Daha önceki köşe yazımızda okuduğunuz gibi tarih dünyasında ilk kez 10 asır önce çok geniş coğrafyaların hâkimiyeti için Beylikler (bugünkü adıyla Eyaletler) kurarak, Kafkaslardan, Anadolu, Orta Doğu’ya kadar hem de süratle ve atla tarihin son uzun Hristiyan imparatorluğu olmuş Bizans’ı dahi kendi kabuğunda bırakarak yayılmışlardı.

Üstelik bu eyaletlerde çağlarının çok ilerisine ulaşan büyük medreseler (üniversiteler) de kurmuşlardı. Özellikle prensiplerini basında insan olgusundaki atasal töreleri, ahlak, karşılıklı insan sevgisi ve de dürüstlük içinde devlet yönetiminde hizmete girenler çıkmaya başlatılmıştı.

Bilinen tarihlerimize göre Selçukluların üç asır süren egemenliklerinin devamı yine onların atasal töreleri ve köklerinin içinden gelenler tarafından 14. asırdan itibaren adı OSMANLILAR olacak devlet çıkmıştı artık.

621 yıl önce Ağustos-Eylül dönemi

yaşanmış olan Fetret Devri neydi?

Evet bilinen en azından “kes, kopyala, yapıştır” mantıklı yazılmış tarih kitaplarımıza göre Anadolu’nun doğusundan batısına yayılmış olan Oğuzların Kayı boyu ve Oğuzların Çepni boyundan olanların gruplaşmaları sonucunda onların Anadolu’daki 16 beylikten kurtulup, uç beylikleri tanımıyla, kitlesel birlikteliklerin sonucu Osmanlı oldu.

Artık bir asrı geçen süreçlerdi Anadolu’daki hâkim ve yöresel şekillerde bağımsız olmuş 16 Beyliklerin aynı dilden, aynı dinden ve atasal törenlerden oluşan halkların önceleri yaşamsal, sonralarını da var olan Hristiyanların Bizans imparatorluğu devletinin elbette ki yıkılışını da hazırlayacaktı.

Üstelik 12 ve 13. Yüzyıl içinde doğudaki bilim yuvaları Horasan’dan, Buhara’dan Tahran’dan akın akın da Anadolu’ya gelip halkın eğitimine zemin kuranlar oldu.
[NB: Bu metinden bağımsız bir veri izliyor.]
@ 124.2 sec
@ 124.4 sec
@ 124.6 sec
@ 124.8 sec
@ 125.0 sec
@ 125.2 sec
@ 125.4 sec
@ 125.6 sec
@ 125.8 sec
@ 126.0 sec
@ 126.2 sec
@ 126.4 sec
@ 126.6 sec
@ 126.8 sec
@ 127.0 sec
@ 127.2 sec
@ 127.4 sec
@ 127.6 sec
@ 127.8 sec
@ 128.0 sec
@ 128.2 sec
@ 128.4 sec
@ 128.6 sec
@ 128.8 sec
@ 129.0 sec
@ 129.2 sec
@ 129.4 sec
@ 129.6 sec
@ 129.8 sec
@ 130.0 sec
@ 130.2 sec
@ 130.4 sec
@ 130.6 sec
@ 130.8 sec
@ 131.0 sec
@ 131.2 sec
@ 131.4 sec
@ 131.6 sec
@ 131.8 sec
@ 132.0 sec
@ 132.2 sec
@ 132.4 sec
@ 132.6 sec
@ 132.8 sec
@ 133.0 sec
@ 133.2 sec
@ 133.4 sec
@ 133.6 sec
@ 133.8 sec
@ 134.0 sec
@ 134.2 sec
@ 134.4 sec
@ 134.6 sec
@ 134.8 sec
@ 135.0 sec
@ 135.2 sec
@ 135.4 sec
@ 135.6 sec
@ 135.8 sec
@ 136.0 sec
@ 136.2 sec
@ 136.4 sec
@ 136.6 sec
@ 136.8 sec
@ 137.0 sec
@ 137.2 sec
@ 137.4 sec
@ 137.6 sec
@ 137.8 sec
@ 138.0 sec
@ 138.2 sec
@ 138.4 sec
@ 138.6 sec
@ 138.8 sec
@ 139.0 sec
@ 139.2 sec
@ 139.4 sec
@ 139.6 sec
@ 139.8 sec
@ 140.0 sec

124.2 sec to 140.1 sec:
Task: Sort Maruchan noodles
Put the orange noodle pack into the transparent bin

Hoca Ahmet Yesevi, Fahrettin Razi, İbnül Esir, İbn Haldun, Anadolu’da dergah kuran Tabduk Emreler, Mevlana, Yunus Emre, Ahi Evren ve Şeyh Edebali vb.lerin etkisi sonucu halkın artık birliktelik kurup devletleşmesiydi.
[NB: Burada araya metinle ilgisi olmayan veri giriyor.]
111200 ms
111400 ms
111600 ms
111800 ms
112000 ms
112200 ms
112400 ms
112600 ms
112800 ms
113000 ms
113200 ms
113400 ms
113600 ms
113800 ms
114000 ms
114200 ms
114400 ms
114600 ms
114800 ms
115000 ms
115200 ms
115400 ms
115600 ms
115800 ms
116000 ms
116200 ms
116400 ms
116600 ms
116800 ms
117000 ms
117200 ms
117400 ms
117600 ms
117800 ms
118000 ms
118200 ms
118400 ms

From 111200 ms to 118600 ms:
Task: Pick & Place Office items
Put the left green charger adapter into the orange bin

Anadolu Selçukluların yönetim eksikliği ve haçlı seferleri devamındaki muhtelif beyliklere dönüşünü iyi takip eden Bizans imparatorluğu devleti mevcuttu. Ancak Selçuklu hakanı Alaaddin Keykubat döneminde bu kez batı kuzeydeki yörelere yerleşmiş, Oğuzların Kayı boyunun öne çıkışı kendilerini uç beyliği yetkilerinin Ertuğrul Bey’e verilmesiyle birlikte gelişimin temelleri de atıldı.
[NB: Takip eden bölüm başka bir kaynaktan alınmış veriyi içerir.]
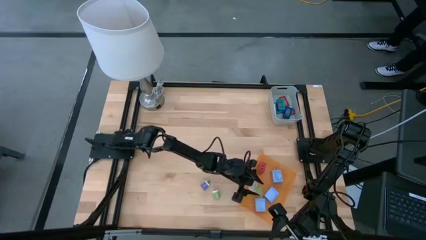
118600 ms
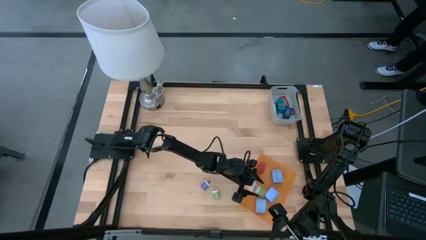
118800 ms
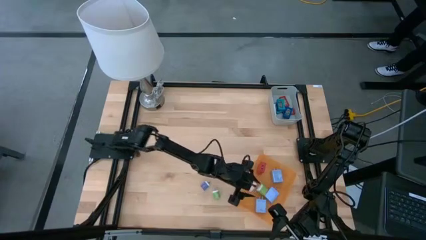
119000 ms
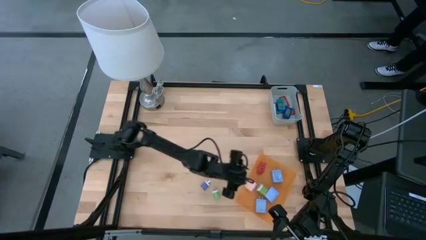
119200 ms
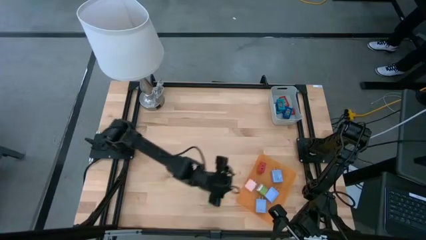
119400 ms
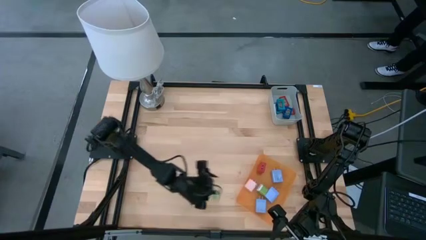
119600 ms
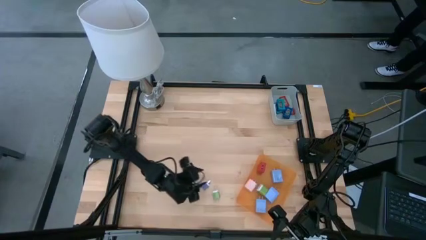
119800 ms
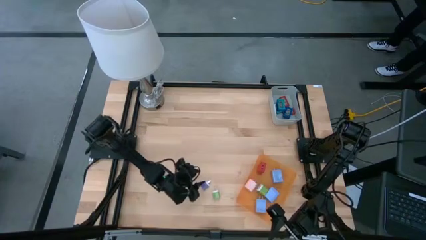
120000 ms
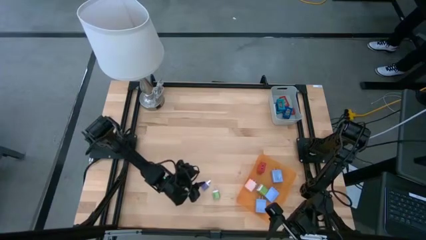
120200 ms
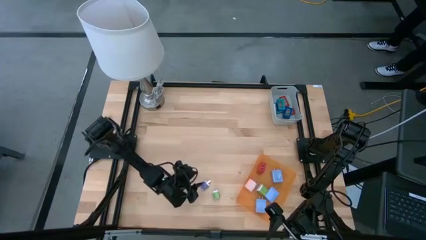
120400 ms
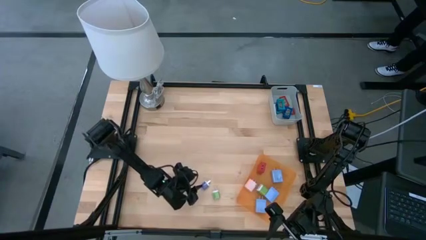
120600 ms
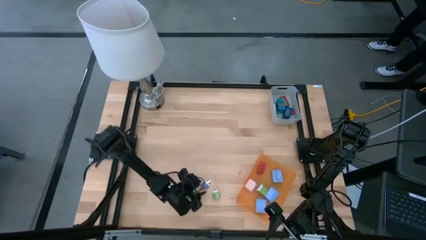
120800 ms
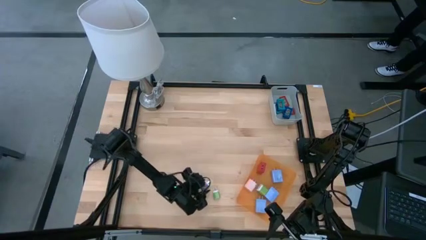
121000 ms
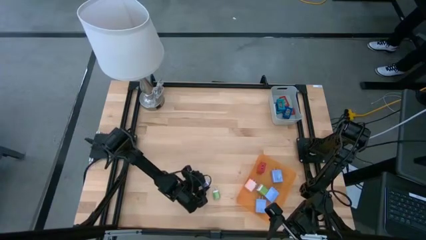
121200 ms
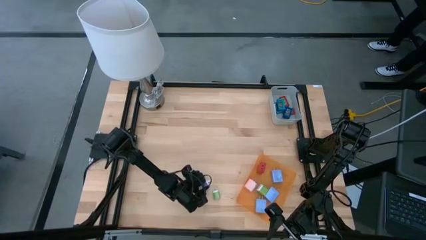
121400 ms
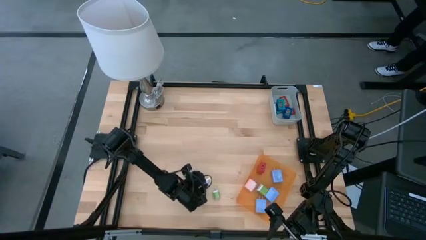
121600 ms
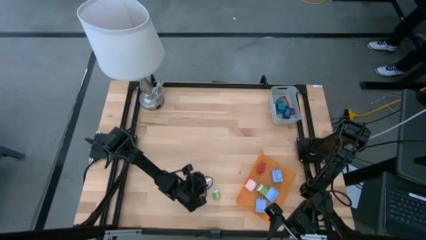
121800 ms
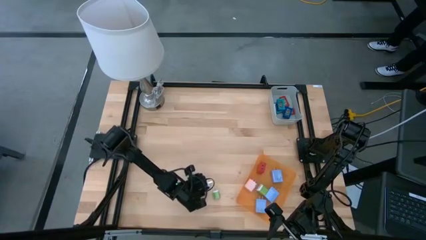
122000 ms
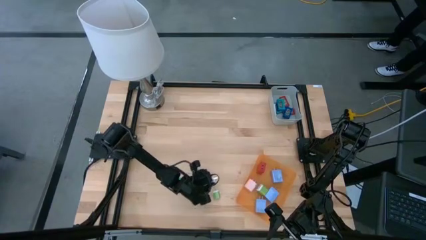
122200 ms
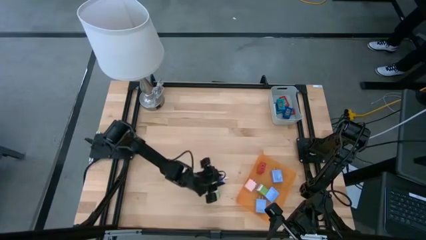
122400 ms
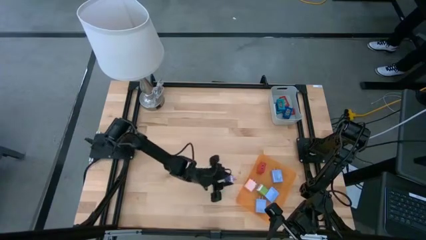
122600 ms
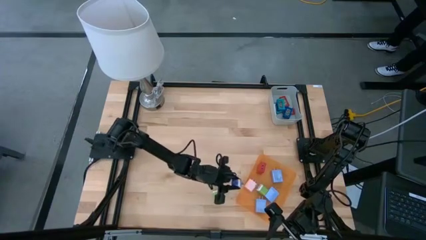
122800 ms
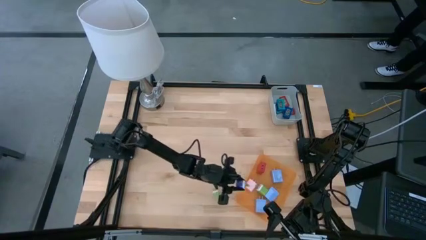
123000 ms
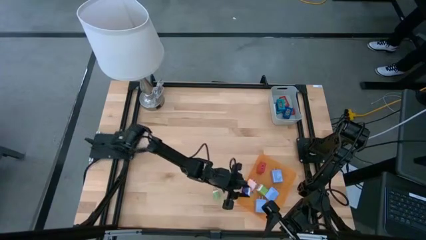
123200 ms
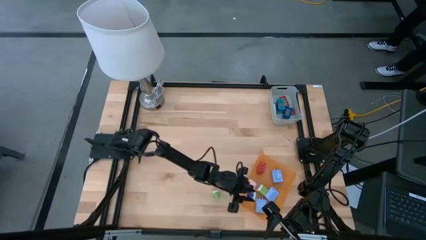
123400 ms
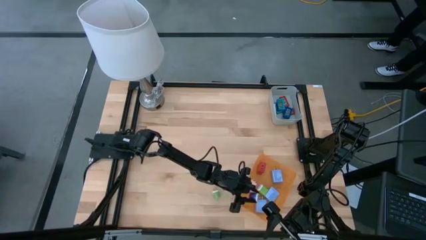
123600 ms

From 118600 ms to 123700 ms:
Put the dark blue charger adapter into the orange bin

1301’lere girilirken Şeyh Edebali’nin organizesi ile birlikte Kayılar ve Çepniler birleştirilip bu kez Bizans sınırındaki egemen bir küçük devletin kuruluşu yapılmıştı. Asıl olan bundan sonra zorunlu ateş gücü ya da ordularının artırıp hedef sayılan Bizans’ın batısı, Balkanlar’daki hâkim toprakların üzerinde etkinlikleri kurup gerekirse savaşarak onların sınırlarını kısaltmaktı. Büyük Edebali’nin devlet yapısında bu kez damadı olmuş Ertuğrul oğlu Osman’a ünlü nasihati:

“… Ey Oğul… Bundan sonra bölmek bize, bütünleştirmek san’a, ancak taklit sadece Allah’a mahsustur. Sen tek başına karara durup hoyrat dünyanın dayanılmaz ağırlığını hiçbir zaman kandıramazsın…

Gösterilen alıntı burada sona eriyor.